IDG Contributor Network: In-memory computing: enabling continuous learning for the digital enterprise | Computing
Businesses across a range of industries are turning to machine learning and deep-learning-powered artificial intelligence applications to drive their digital transformation and omnichannel customer experience initiatives. These tools can help generate new revenue, improve efficiency, increase customer satisfaction, and deliver business insight. According to IDC, spending on AI and machine learning will reach $57.6 billion by 2021, up from $12 billion in 2017. According to Deloitte Global, machine learning pilot programs and implementations will double in 2018 compared to 2017 and double again by 2020.
However, to optimize many of these use cases, the underlying machine learning and deep learning models need to be updated in real time as new data is added to the system. Consider the following real-time continuous learning use cases:
- Financial risk mitigation. To minimize the spread of new loan scams, a bank must continuously update its machine learning model of what indicates a possible loan fraud attempt with real-time data on new loan applications to prevent these new strategies from spreading. To reduce the risk associated with approving new credit cards during the checkout process, a credit card company must continuously update its fraud machine learning model in real time to score the likelihood of a fraudulent transaction in real time.
- Recommendation engines. To obtain the maximum ROI from recommendations, an e-commerce platform must continuously update its machine learning recommendation model, so it can combine historical data such as webpage visits and purchase patterns with current webpage activity, referral information, product inventory, and newly available products, along with emerging purchase patterns. The resulting continuous learning machine learning model will result in more targeted and effective recommendations.
- Information security. Predictive analytics for network and data security requires a constant comparison between “normal” activity and possible threat activity. In large networks, what constitutes normal activity can change frequently (e.g., new types of network devices and end points and new protocols), so the underlying machine learning model must be continuously retrained.

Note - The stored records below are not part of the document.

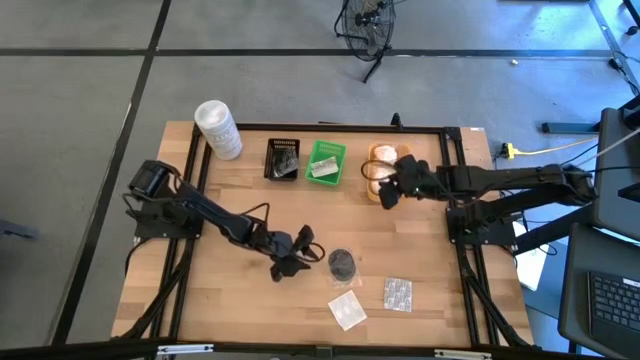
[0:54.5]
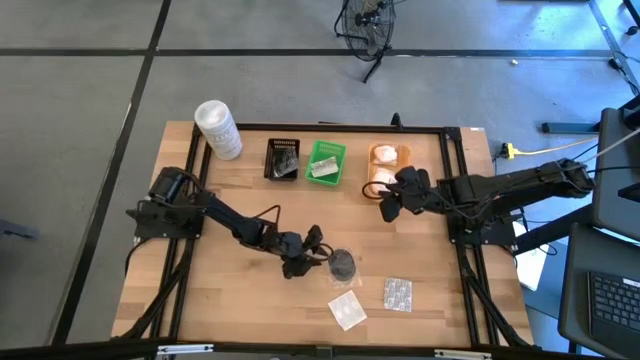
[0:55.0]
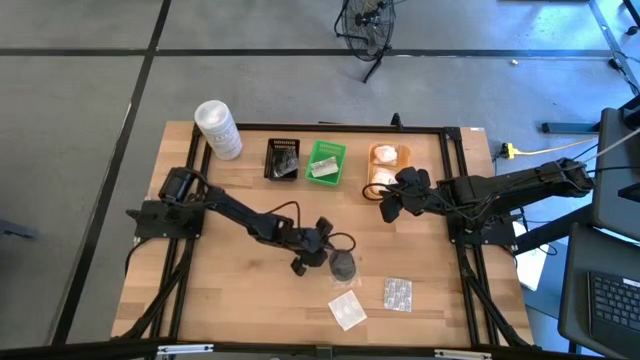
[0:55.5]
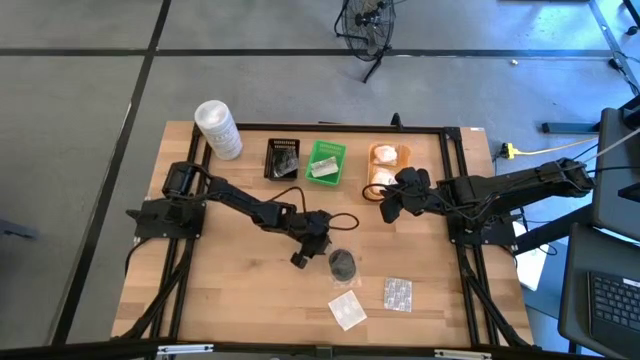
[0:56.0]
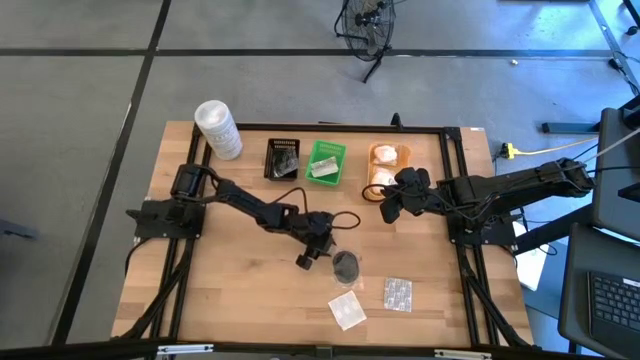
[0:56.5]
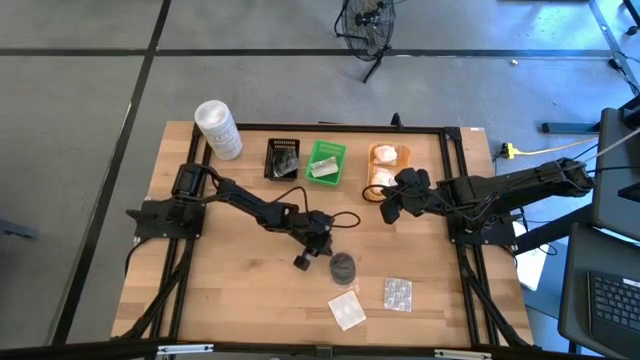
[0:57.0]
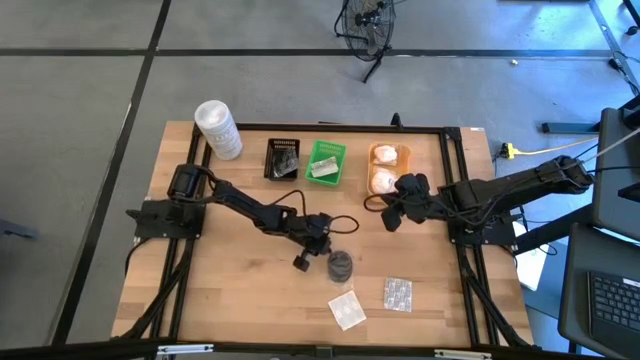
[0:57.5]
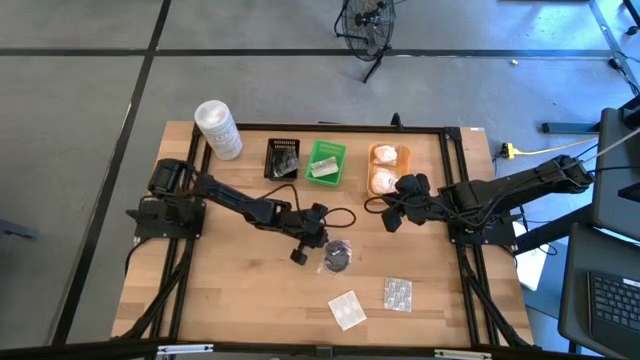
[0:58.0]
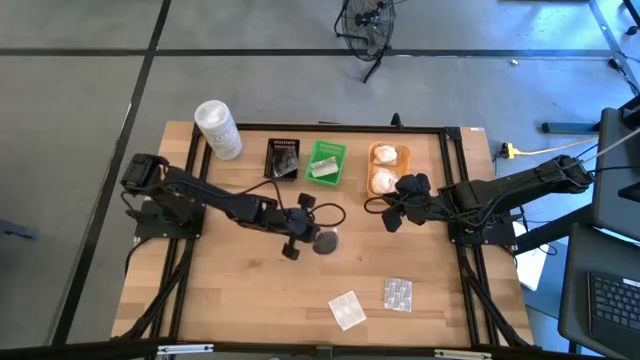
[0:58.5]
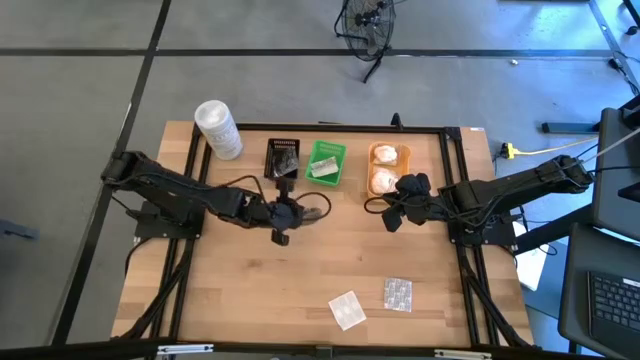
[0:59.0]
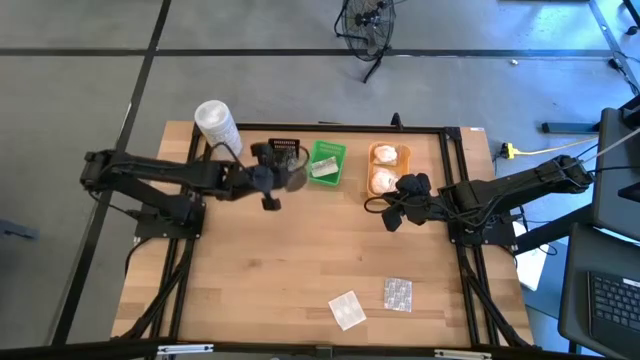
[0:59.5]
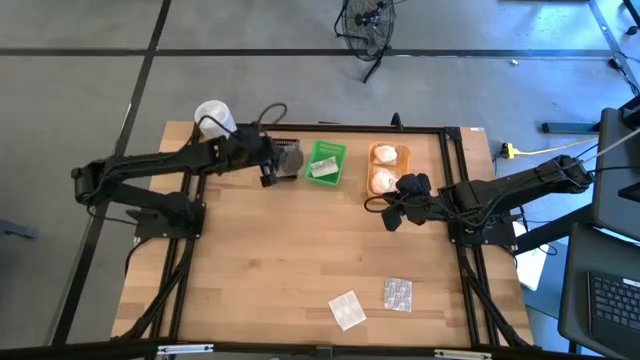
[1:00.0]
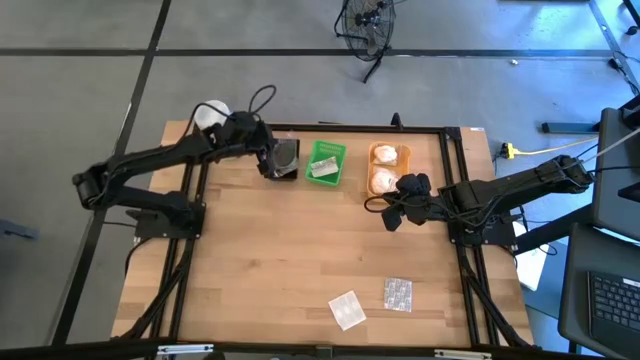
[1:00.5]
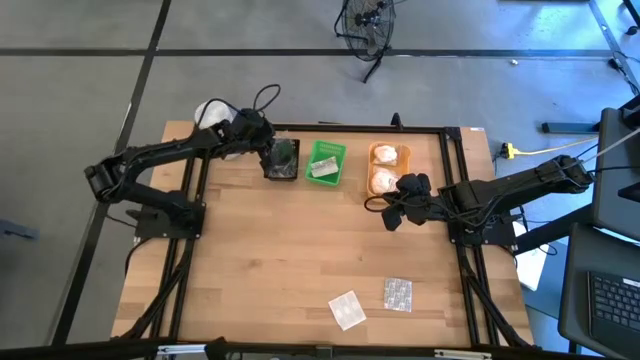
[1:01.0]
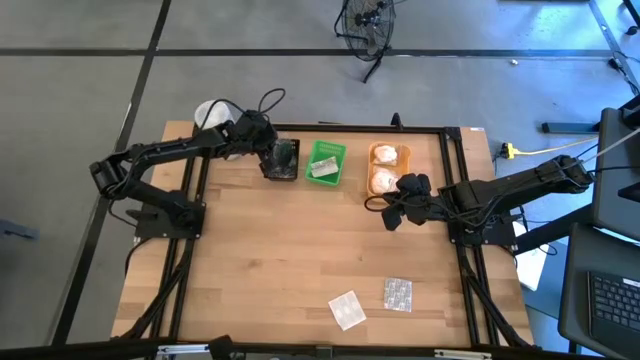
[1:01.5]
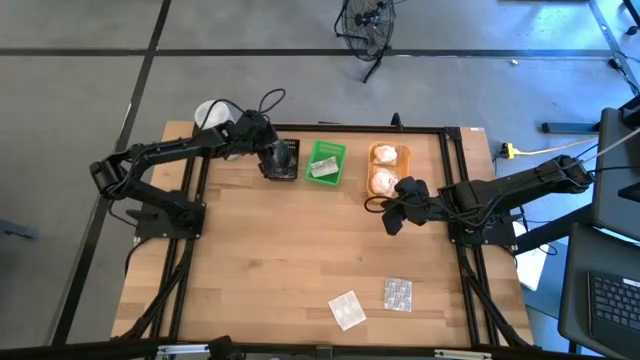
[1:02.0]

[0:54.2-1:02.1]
Task: Pick & Place Travel size toiletries
Put the black hairbrush into the black bin

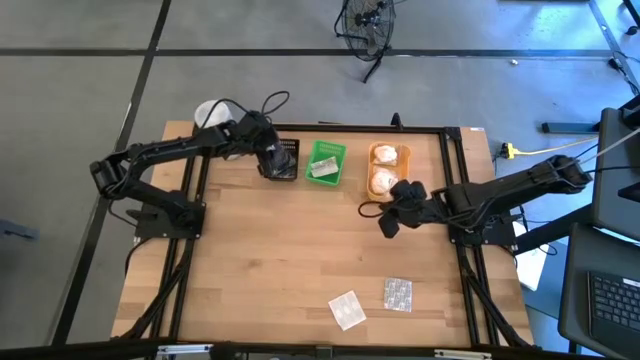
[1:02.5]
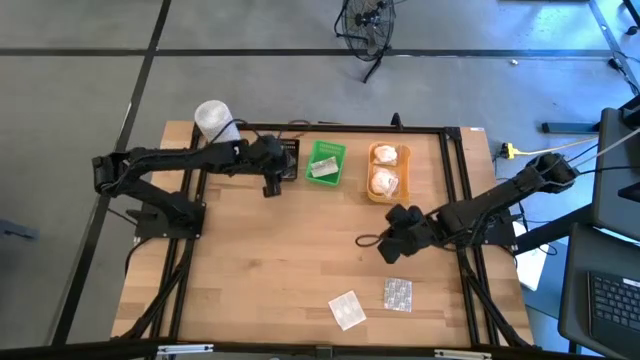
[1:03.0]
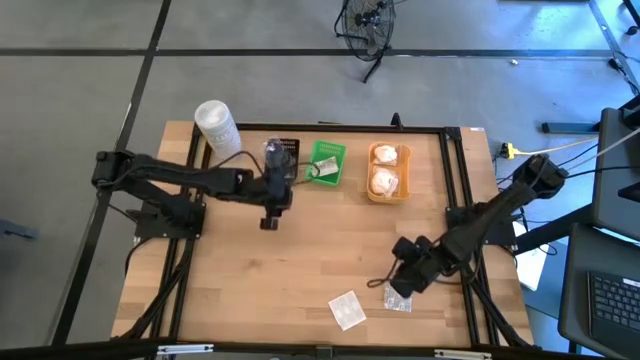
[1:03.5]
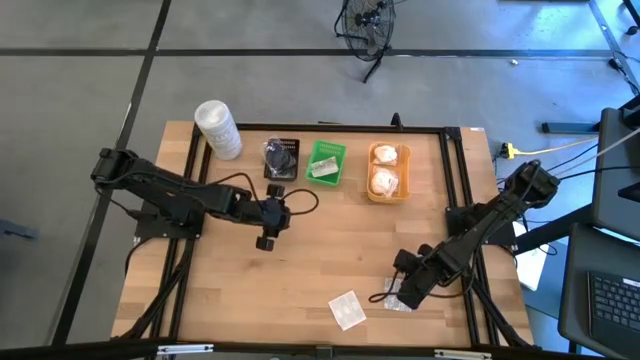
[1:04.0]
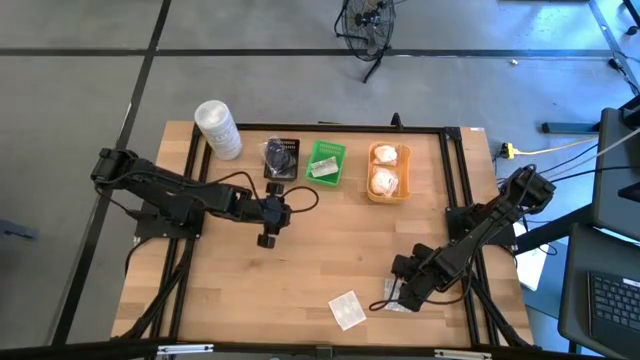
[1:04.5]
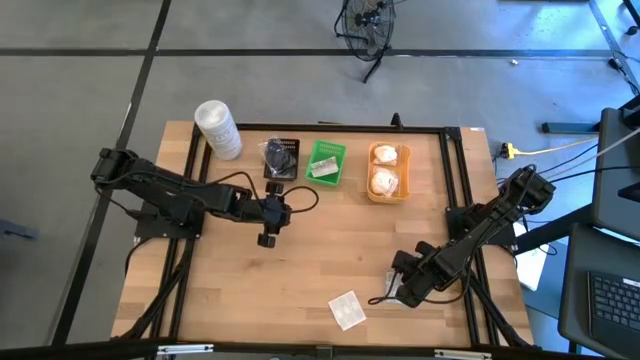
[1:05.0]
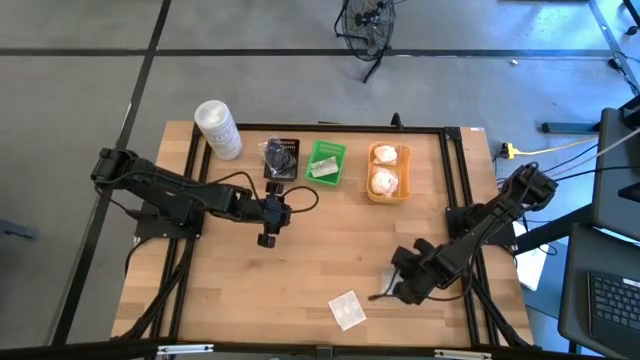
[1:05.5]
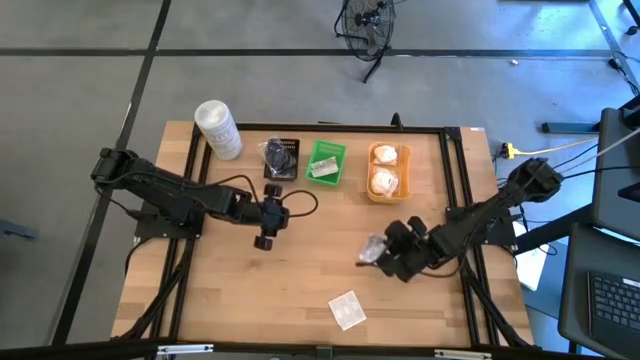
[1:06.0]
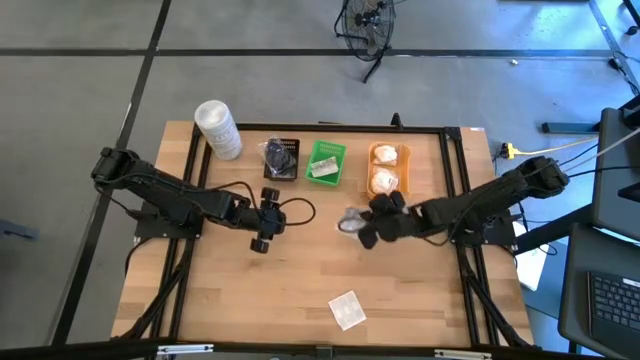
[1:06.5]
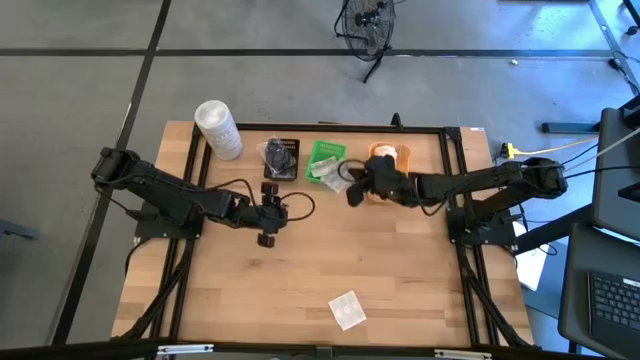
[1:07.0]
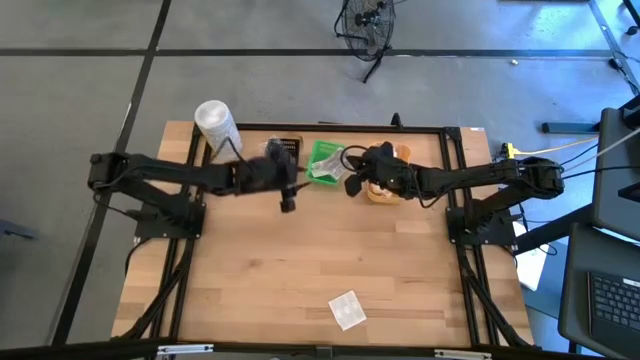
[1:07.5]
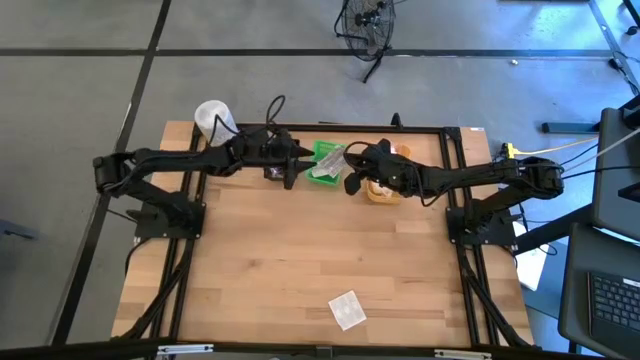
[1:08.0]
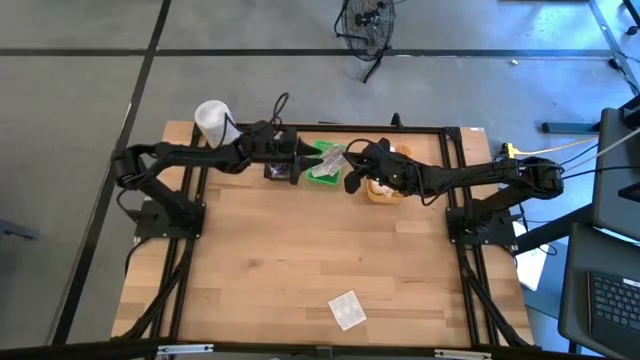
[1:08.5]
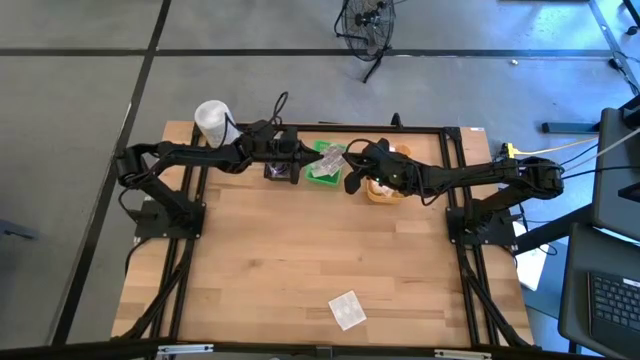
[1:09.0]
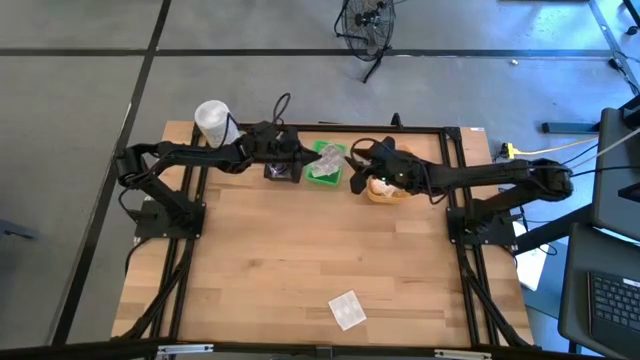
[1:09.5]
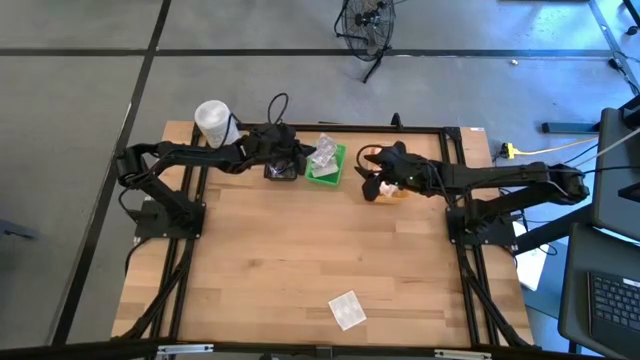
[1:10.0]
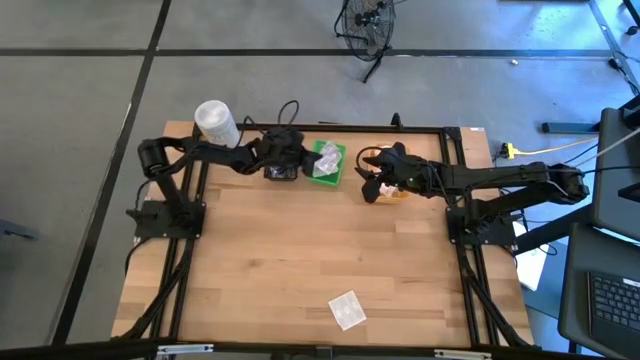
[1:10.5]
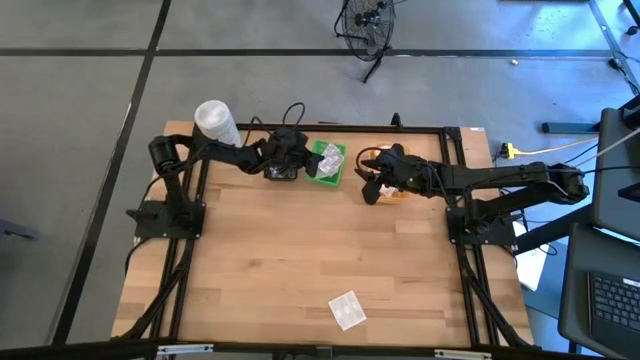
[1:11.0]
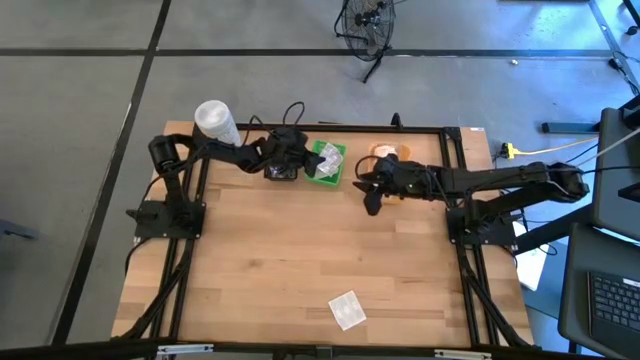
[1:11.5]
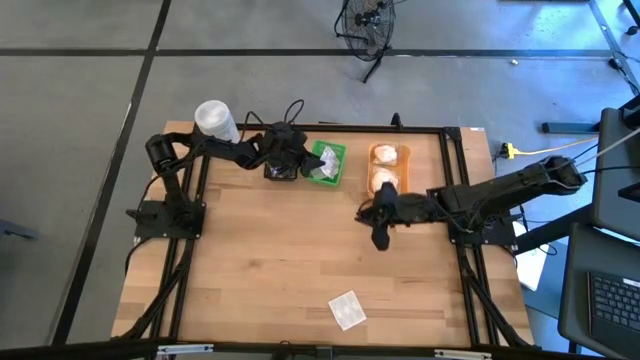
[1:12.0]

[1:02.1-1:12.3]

In each of these cases, a traditional database deployment—separate online transactional processing (OLTP) and online analytical processing (OLAP) databases with an extract, transform, load (ETL) process for moving the operational data to the OLAP system prior to model training—make it impossible to update a machine learning model in real time because of the delays inherent in the ETL process.
Although artificial intelligence use cases are currently not as common as machine learning use cases, the challenge of creating a continuous learning system will be the same. From voice recognition systems to self-driving cars, deep learning systems will need to be equipped with a real-time continuous learning capability for optimal performance.
Achieving continuous learning with in-memory computing
Today’s in-memory computing platforms are deployed on a cluster of servers that can be on-premises, in the cloud, or in a hybrid environment. The platforms leverage the cluster’s total available memory and CPU power to accelerate data processing while providing horizontal scalability, high availability, and ACID transactions with distributed SQL. When implemented as an in-memory data grid, the platform can be easily inserted between the application and data layers of existing applications. In-memory databases are also available for new applications or when initiating a complete rearchitecting of an existing application. The in-memory computing platform also includes streaming analytics to manage the complexity around dataflow and event processing. This allows users to query active data without impacting transactional performance. This design also reduces infrastructure costs by eliminating the need to maintain separate OLTP and OLAP systems.
The latest in-memory computing platforms include two capabilities essential for large-scale continuous learning systems:
- Integrated machine learning and deep learning libraries that have been optimized for massively parallel processing. This allows the system to train machine learning or deep learning models against the distributed data residing on all the nodes in the cluster. A continuous learning framework allows the machine learning or deep learning model to continuously update as new data is added without impacting performance. The integrated machine learning and deep learning libraries used in a continuous learning mode are a key building block of what Gartner calls in-process HTAP (hybrid transactional/analytical processing).
- A memory-centric architecture that keeps the entire, fully operational data set on a distributed ACID and ANSI-99 SQL-compliant disk store (using spinning disks, solid state drives [SSDs[, 3D XPoint, or other storage-class memory technologies). Only a user-defined subset of the data is maintained in the in-memory data grid or in-memory database, which allows organizations to balance application performance against infrastructure costs. This architecture also supports fast recovery following a reboot because the data on disk can be immediately accessed and processed against without waiting for all data to be loaded into memory.
With the growing need for continuous learning systems, enterprises must begin assessing now how they can implement these capabilities cost-effectively and without major disruption. Fortunately, mature open source platforms, decreases in in-memory software and infrastructure costs, and growing third-party expertise in in-memory computing means organizations can begin charting their future today.